>>

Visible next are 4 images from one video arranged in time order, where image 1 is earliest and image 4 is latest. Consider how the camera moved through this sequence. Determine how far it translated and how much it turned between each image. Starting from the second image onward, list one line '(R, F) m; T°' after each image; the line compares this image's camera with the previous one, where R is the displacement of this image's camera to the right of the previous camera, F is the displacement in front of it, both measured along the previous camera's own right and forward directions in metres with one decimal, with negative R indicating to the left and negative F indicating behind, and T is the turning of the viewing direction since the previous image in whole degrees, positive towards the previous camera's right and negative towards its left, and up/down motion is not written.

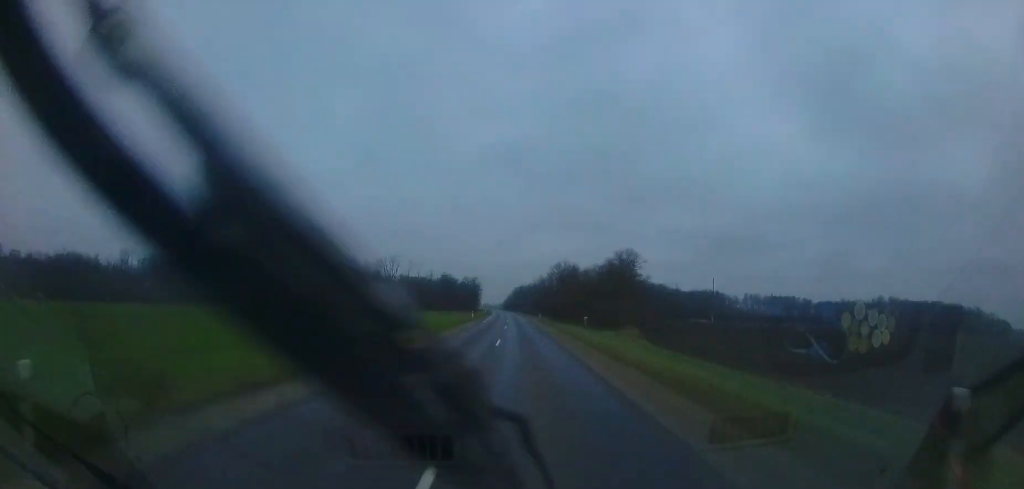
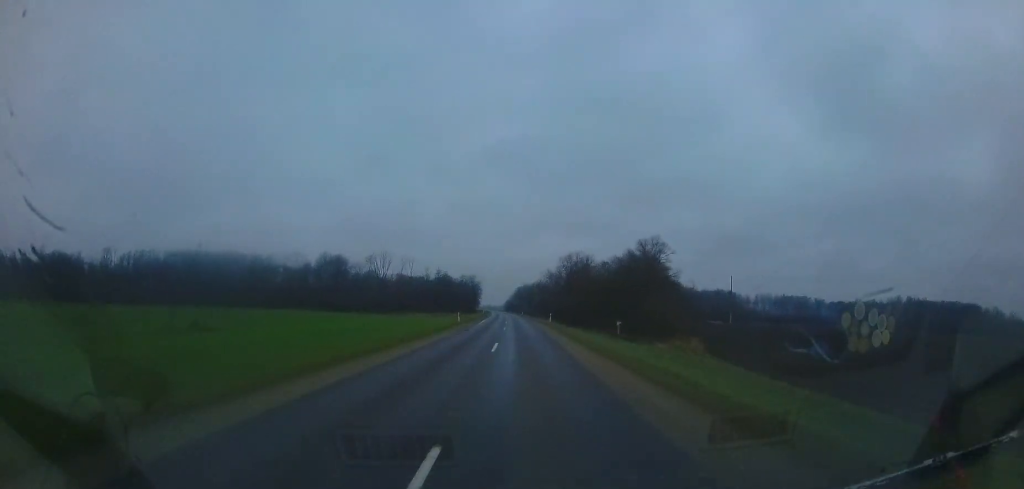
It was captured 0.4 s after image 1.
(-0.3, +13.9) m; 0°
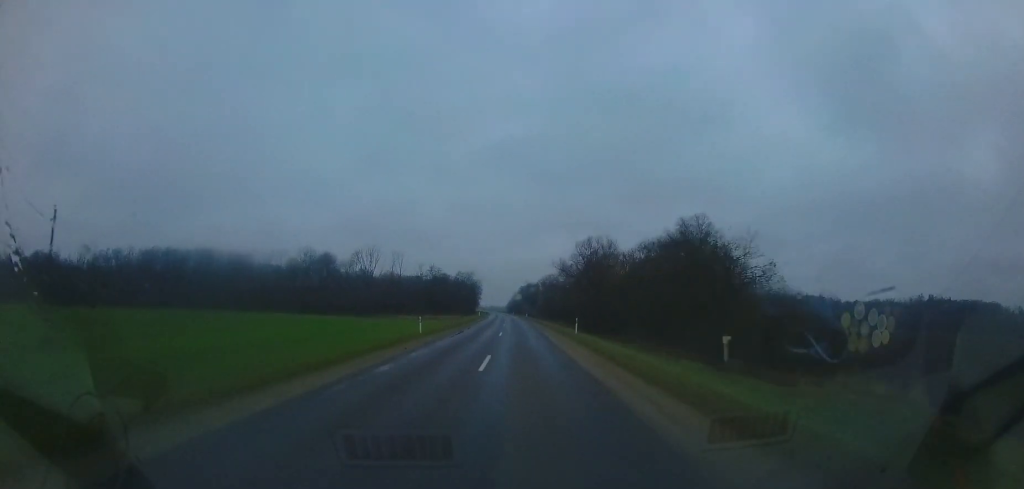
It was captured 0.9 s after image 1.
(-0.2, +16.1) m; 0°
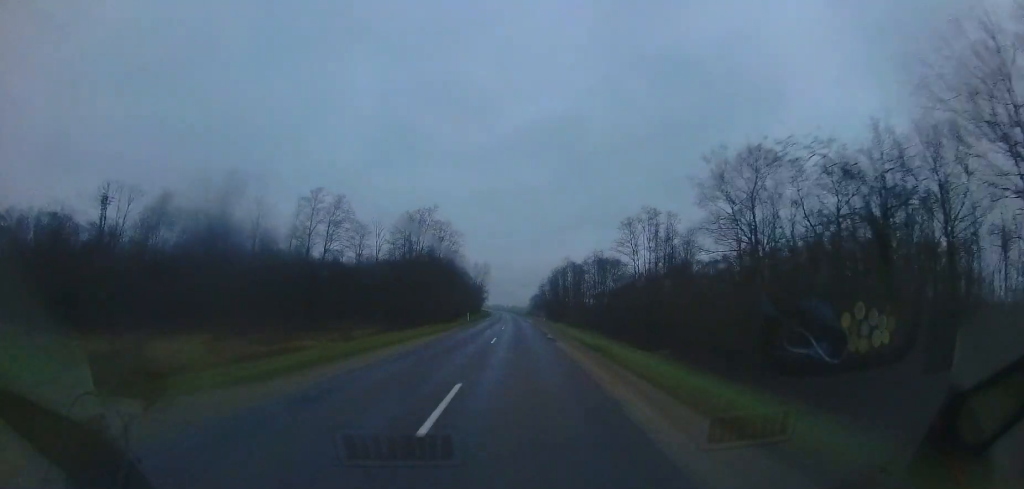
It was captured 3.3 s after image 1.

<<

- Prompt -
Nothing but the lines from the line containing "It was captured 0.4 s after image 1." through the last line of the listing above should appear, output exactly, with no pictures.

- The answer -
It was captured 0.4 s after image 1.
(-0.3, +13.9) m; 0°
It was captured 0.9 s after image 1.
(-0.2, +16.1) m; 0°
It was captured 3.3 s after image 1.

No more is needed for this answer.